# Shift knob options?



## 16VSerenity (Jul 26, 2006)

I have a new 2012 Jetta GLI and I'm trying to find a decent replacement shift knob for OEM that has more weight to it but does not look like a crap aftermatket add-on. I've looked around a little and can't find anything yet that has some good weight to it, will work with a VW's non-screw on knob, and still manage to look decent with a stock or aftermarket shift boot. Anyone out there have any good options/setups?


----------



## Hippie675 (Apr 13, 2011)

*Knob*

These guys make wonderful things.

http://www.twmshiftknobs.com/shiftknobs/index.php

:laugh:


----------



## 16VSerenity (Jul 26, 2006)

Honestly, not really a fan of their knobs or their prices.

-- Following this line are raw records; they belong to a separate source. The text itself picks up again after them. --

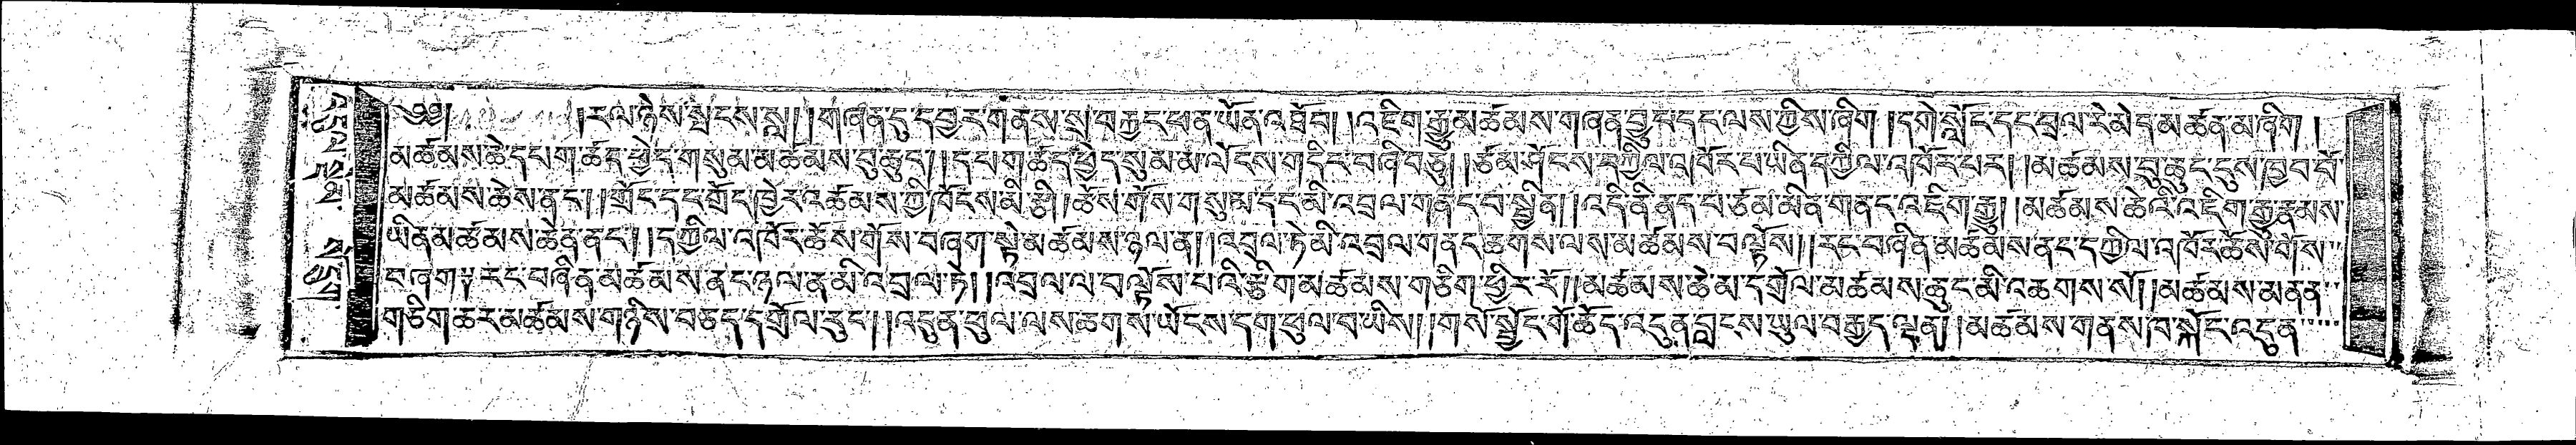༄༅། །རལ་ཉེས་སྤངས་སླ། །གཞན་དུ་དབྱར་གནས་སྲ་བརྐྱང་ཕན་ཡོན་འཐོབ། །འཇིག་རྒྱུ་མཚམས་གཞན་བྱུང་དང་ལས་ཀྱིས་ཞིག །དགེ་སློང་དང་བྲལ་རེ་མེད་མཚན་མ་ཞིག །
མཚམས་ཆེ་དཔག་ཚད་ཕྱེད་གསུམ་མཚམས་བུ་ཆུང་། །དཔག་ཚད་ཕྱེད་སུམ་མ་ལོངས་གདིང་བཞི་བཅུ། །ཙམ་ཤོངས་དཀྱིལ་འཁོར་བ་ཡིན་དཀྱིལ་འཁོར་པར། །མཚམས་བུ་ཆུང་དུས་ཁྱབ་བོ་
མཚམས་ཆེས་ནང་། །གྲོང་དང་གྲོང་ཁྱེར་འཚམས་ཀྱི་ཁོངས་མི་རྩི། །ཆོས་གོས་གསུམ་དང་མི་འབྲལ་གནང་བ་སྦྱིན། །འདི་ནི་ནད་པ་ཙམ་མིན་གནང་འཇིག་རྒྱུ། །མཚམས་ཆེའི་འཇིག་རྒྱུ་རྣམས་
ཡིན་མཚམས་ཆེན་ནང་། །དཀྱིལ་འཁོར་ཆོས་གོས་བཞག་སྟེ་མཚམས་ཉལ་ན། །འབྲལ་ཏེ་མི་འབྲལ་གནང་ཆགས་ལས་མཚམས་བལྟོས། །རང་བཞིན་མཚམས་ནང་དཀྱིལ་འཁོར་ཆོས་གོས་
བཞག ༑རང་བཞིན་མཚམས་ནང་ཉལ་ན་མི་འབྲལ་ཏེ། །འབྲལ་ལ་བལྟོས་པའི་རྩིག་མཚམས་གཅིག་ཕྱིར་རོ། །མཚམས་ཆེ་མ་དགྲོལ་མཚམས་ཆུང་མི་འཆགས་སོ། །མཚམས་མནན་
གཅིག་ཆར་མཚམས་གཉིས་བཅད་དགྲོལ་རུང་། །འདུན་ཕུལ་ལས་ཆགས་ཡོངས་དག་ཕུལ་བ་ཡིས། །གསོ་སྦྱོང་གོ་ཆོད་འདུན་བླངས་ཡུལ་བརྒྱད་ལྡན། །མཚམས་གནས་ཁ་སྐོང་འདུན་

There are a lot of companies out there who make knobs out of the same materials, with equal quality, at half the price. Heck, I know a company that will custom make a knob for significantly less than on off-the-shelf TWM, but they only do screw on/threaded knobs (and us I know TWM now sells an adapter).

Sent from my ADR6425LVW using Xparent SkyBlue Tapatalk 2


----------



## ECS Tuning (Oct 2, 2006)

Take a look at our shifter selection, I really like the retro kit -


----------



## 16VSerenity (Jul 26, 2006)

Having a knob custom made by WC Lathe Werks. Should have it sometime next week. The guy who runs it, Chris, is phenomenal to work/deal with.

Sent from my ADR6425LVW using Xparent SkyBlue Tapatalk 2


----------



## 2003 golfer (Sep 25, 2007)

I custom made one: 








(I really need a good photo of it)


----------



## vwbeaner (Jun 4, 2007)

I had one like this in mine and I loved it. A bit pricy but man did it feel good in my mit.


----------



## 16VSerenity (Jul 26, 2006)

I ended up having one custom made by WC Lathe Werks. Awesome company/person to deal with, awesome quality products.


----------